Source records

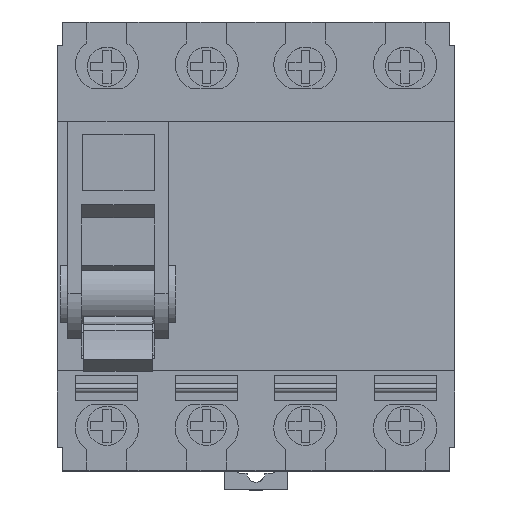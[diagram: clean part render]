
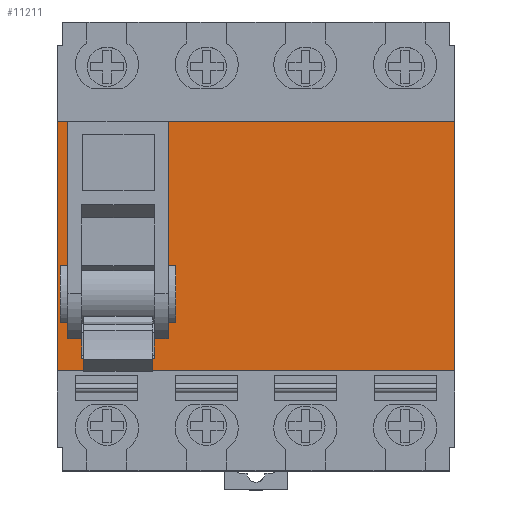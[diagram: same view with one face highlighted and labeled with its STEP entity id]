
A CAD part, top view. The second image highlights one B-rep face of the part: STEP entity #11211.
In plain terms, the highlighted planar face has unit normal (0, 0, 1).
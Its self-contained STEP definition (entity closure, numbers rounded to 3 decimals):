
#106=DIRECTION('',(0.,-1.,0.));
#107=VECTOR('',#106,45.);
#108=CARTESIAN_POINT('',(-0.015,63.,65.45));
#109=LINE('',#108,#107);
#234=DIRECTION('',(1.,0.,0.));
#235=VECTOR('',#234,71.83);
#236=CARTESIAN_POINT('',(-0.015,18.,65.45));
#237=LINE('',#236,#235);
#238=DIRECTION('',(0.,1.,0.));
#239=VECTOR('',#238,10.365);
#240=CARTESIAN_POINT('',(21.4,26.707,65.45));
#241=LINE('',#240,#239);
#242=DIRECTION('',(0.,1.,0.));
#243=VECTOR('',#242,25.928);
#244=CARTESIAN_POINT('',(20.05,37.072,65.45));
#245=LINE('',#244,#243);
#246=DIRECTION('',(1.,0.,0.));
#247=VECTOR('',#246,51.765);
#248=CARTESIAN_POINT('',(20.05,63.,65.45));
#249=LINE('',#248,#247);
#250=DIRECTION('',(0.,-1.,0.));
#251=VECTOR('',#250,45.);
#252=CARTESIAN_POINT('',(71.815,63.,65.45));
#253=LINE('',#252,#251);
#254=DIRECTION('',(1.,0.,0.));
#255=VECTOR('',#254,1.965);
#256=CARTESIAN_POINT('',(-0.015,63.,65.45));
#257=LINE('',#256,#255);
#258=DIRECTION('',(1.,0.,0.));
#259=VECTOR('',#258,13.1);
#260=CARTESIAN_POINT('',(4.45,20.248,65.45));
#261=LINE('',#260,#259);
#262=DIRECTION('',(0.,1.,0.));
#263=VECTOR('',#262,3.528);
#264=CARTESIAN_POINT('',(17.55,20.248,65.45));
#265=LINE('',#264,#263);
#266=DIRECTION('',(0.,1.,0.));
#267=VECTOR('',#266,2.931);
#268=CARTESIAN_POINT('',(20.05,23.776,65.45));
#269=LINE('',#268,#267);
#275=DIRECTION('',(-1.,0.,0.));
#276=VECTOR('',#275,1.35);
#277=CARTESIAN_POINT('',(21.4,26.707,65.45));
#278=LINE('',#277,#276);
#279=DIRECTION('',(1.,0.,0.));
#280=VECTOR('',#279,1.35);
#281=CARTESIAN_POINT('',(20.05,37.072,65.45));
#282=LINE('',#281,#280);
#297=DIRECTION('',(-1.,0.,0.));
#298=VECTOR('',#297,2.5);
#299=CARTESIAN_POINT('',(20.05,23.776,65.45));
#300=LINE('',#299,#298);
#404=DIRECTION('',(0.,1.,0.));
#405=VECTOR('',#404,3.528);
#406=CARTESIAN_POINT('',(4.45,20.248,65.45));
#407=LINE('',#406,#405);
#413=DIRECTION('',(-1.,0.,0.));
#414=VECTOR('',#413,2.5);
#415=CARTESIAN_POINT('',(4.45,23.776,65.45));
#416=LINE('',#415,#414);
#426=DIRECTION('',(0.,1.,0.));
#427=VECTOR('',#426,25.928);
#428=CARTESIAN_POINT('',(1.95,37.072,65.45));
#429=LINE('',#428,#427);
#443=DIRECTION('',(0.,1.,0.));
#444=VECTOR('',#443,2.931);
#445=CARTESIAN_POINT('',(1.95,23.776,65.45));
#446=LINE('',#445,#444);
#447=DIRECTION('',(-1.,0.,0.));
#448=VECTOR('',#447,1.35);
#449=CARTESIAN_POINT('',(1.95,26.707,65.45));
#450=LINE('',#449,#448);
#451=DIRECTION('',(1.,0.,0.));
#452=VECTOR('',#451,1.35);
#453=CARTESIAN_POINT('',(0.6,37.072,65.45));
#454=LINE('',#453,#452);
#460=DIRECTION('',(0.,1.,0.));
#461=VECTOR('',#460,10.365);
#462=CARTESIAN_POINT('',(0.6,26.707,65.45));
#463=LINE('',#462,#461);
#8284=CARTESIAN_POINT('',(71.815,18.,65.45));
#8285=VERTEX_POINT('',#8284);
#8286=CARTESIAN_POINT('',(71.815,63.,65.45));
#8287=VERTEX_POINT('',#8286);
#10032=CARTESIAN_POINT('',(1.95,63.,65.45));
#10034=VERTEX_POINT('',#10032);
#10036=CARTESIAN_POINT('',(-0.015,63.,65.45));
#10037=VERTEX_POINT('',#10036);
#10038=CARTESIAN_POINT('',(20.05,63.,65.45));
#10039=VERTEX_POINT('',#10038);
#10042=CARTESIAN_POINT('',(1.95,26.707,65.45));
#10043=CARTESIAN_POINT('',(1.95,37.072,65.45));
#10044=VERTEX_POINT('',#10042);
#10045=VERTEX_POINT('',#10043);
#10048=CARTESIAN_POINT('',(1.95,23.776,65.45));
#10049=VERTEX_POINT('',#10048);
#10050=CARTESIAN_POINT('',(0.6,26.707,65.45));
#10051=VERTEX_POINT('',#10050);
#10052=CARTESIAN_POINT('',(0.6,37.072,65.45));
#10053=VERTEX_POINT('',#10052);
#10054=CARTESIAN_POINT('',(21.4,26.707,65.45));
#10055=CARTESIAN_POINT('',(21.4,37.072,65.45));
#10056=VERTEX_POINT('',#10054);
#10057=VERTEX_POINT('',#10055);
#10058=CARTESIAN_POINT('',(20.05,37.072,65.45));
#10059=VERTEX_POINT('',#10058);
#10060=CARTESIAN_POINT('',(-0.015,18.,65.45));
#10061=VERTEX_POINT('',#10060);
#10062=CARTESIAN_POINT('',(4.45,23.776,65.45));
#10063=VERTEX_POINT('',#10062);
#10064=CARTESIAN_POINT('',(4.45,20.248,65.45));
#10065=VERTEX_POINT('',#10064);
#10066=CARTESIAN_POINT('',(17.55,20.248,65.45));
#10067=VERTEX_POINT('',#10066);
#10068=CARTESIAN_POINT('',(17.55,23.776,65.45));
#10069=VERTEX_POINT('',#10068);
#10070=CARTESIAN_POINT('',(20.05,23.776,65.45));
#10071=VERTEX_POINT('',#10070);
#10072=CARTESIAN_POINT('',(20.05,26.707,65.45));
#10073=VERTEX_POINT('',#10072);
#11167=CARTESIAN_POINT('',(71.815,18.,65.45));
#11168=DIRECTION('',(0.,0.,1.));
#11169=DIRECTION('',(0.,1.,0.));
#11170=AXIS2_PLACEMENT_3D('',#11167,#11168,#11169);
#11171=PLANE('',#11170);
#11173=ORIENTED_EDGE('',*,*,#11172,.T.);
#11175=ORIENTED_EDGE('',*,*,#11174,.F.);
#11177=ORIENTED_EDGE('',*,*,#11176,.T.);
#11179=ORIENTED_EDGE('',*,*,#11178,.T.);
#11180=ORIENTED_EDGE('',*,*,#11139,.T.);
#11181=ORIENTED_EDGE('',*,*,#11162,.F.);
#11182=ORIENTED_EDGE('',*,*,#10997,.F.);
#11184=ORIENTED_EDGE('',*,*,#11183,.T.);
#11186=ORIENTED_EDGE('',*,*,#11185,.F.);
#11188=ORIENTED_EDGE('',*,*,#11187,.F.);
#11190=ORIENTED_EDGE('',*,*,#11189,.F.);
#11192=ORIENTED_EDGE('',*,*,#11191,.F.);
#11194=ORIENTED_EDGE('',*,*,#11193,.F.);
#11196=ORIENTED_EDGE('',*,*,#11195,.F.);
#11198=ORIENTED_EDGE('',*,*,#11197,.F.);
#11200=ORIENTED_EDGE('',*,*,#11199,.T.);
#11202=ORIENTED_EDGE('',*,*,#11201,.T.);
#11204=ORIENTED_EDGE('',*,*,#11203,.F.);
#11206=ORIENTED_EDGE('',*,*,#11205,.T.);
#11208=ORIENTED_EDGE('',*,*,#11207,.F.);
#11209=EDGE_LOOP('',(#11173,#11175,#11177,#11179,#11180,#11181,#11182,#11184,
#11186,#11188,#11190,#11192,#11194,#11196,#11198,#11200,#11202,#11204,#11206,
#11208));
#11210=FACE_OUTER_BOUND('',#11209,.F.);
#10997=EDGE_CURVE('',#10037,#10061,#109,.T.);
#11139=EDGE_CURVE('',#8287,#8285,#253,.T.);
#11162=EDGE_CURVE('',#10061,#8285,#237,.T.);
#11172=EDGE_CURVE('',#10056,#10057,#241,.T.);
#11174=EDGE_CURVE('',#10059,#10057,#282,.T.);
#11176=EDGE_CURVE('',#10059,#10039,#245,.T.);
#11178=EDGE_CURVE('',#10039,#8287,#249,.T.);
#11183=EDGE_CURVE('',#10037,#10034,#257,.T.);
#11185=EDGE_CURVE('',#10045,#10034,#429,.T.);
#11187=EDGE_CURVE('',#10053,#10045,#454,.T.);
#11189=EDGE_CURVE('',#10051,#10053,#463,.T.);
#11191=EDGE_CURVE('',#10044,#10051,#450,.T.);
#11193=EDGE_CURVE('',#10049,#10044,#446,.T.);
#11195=EDGE_CURVE('',#10063,#10049,#416,.T.);
#11197=EDGE_CURVE('',#10065,#10063,#407,.T.);
#11199=EDGE_CURVE('',#10065,#10067,#261,.T.);
#11201=EDGE_CURVE('',#10067,#10069,#265,.T.);
#11203=EDGE_CURVE('',#10071,#10069,#300,.T.);
#11205=EDGE_CURVE('',#10071,#10073,#269,.T.);
#11207=EDGE_CURVE('',#10056,#10073,#278,.T.);
#11211=ADVANCED_FACE('',(#11210),#11171,.T.);

▶ [ACTION ITEM] Using the data above, transcribe the lines that run from the line with "#11168=DIRECTION('',(0.,0.,1.));" to the line with "#11179=ORIENTED_EDGE('',*,*,#11178,.T.);", both ends kept, and output nothing else.

▶ [ANSWER FOR THIS EXERCISE]
#11168=DIRECTION('',(0.,0.,1.));
#11169=DIRECTION('',(0.,1.,0.));
#11170=AXIS2_PLACEMENT_3D('',#11167,#11168,#11169);
#11171=PLANE('',#11170);
#11173=ORIENTED_EDGE('',*,*,#11172,.T.);
#11175=ORIENTED_EDGE('',*,*,#11174,.F.);
#11177=ORIENTED_EDGE('',*,*,#11176,.T.);
#11179=ORIENTED_EDGE('',*,*,#11178,.T.);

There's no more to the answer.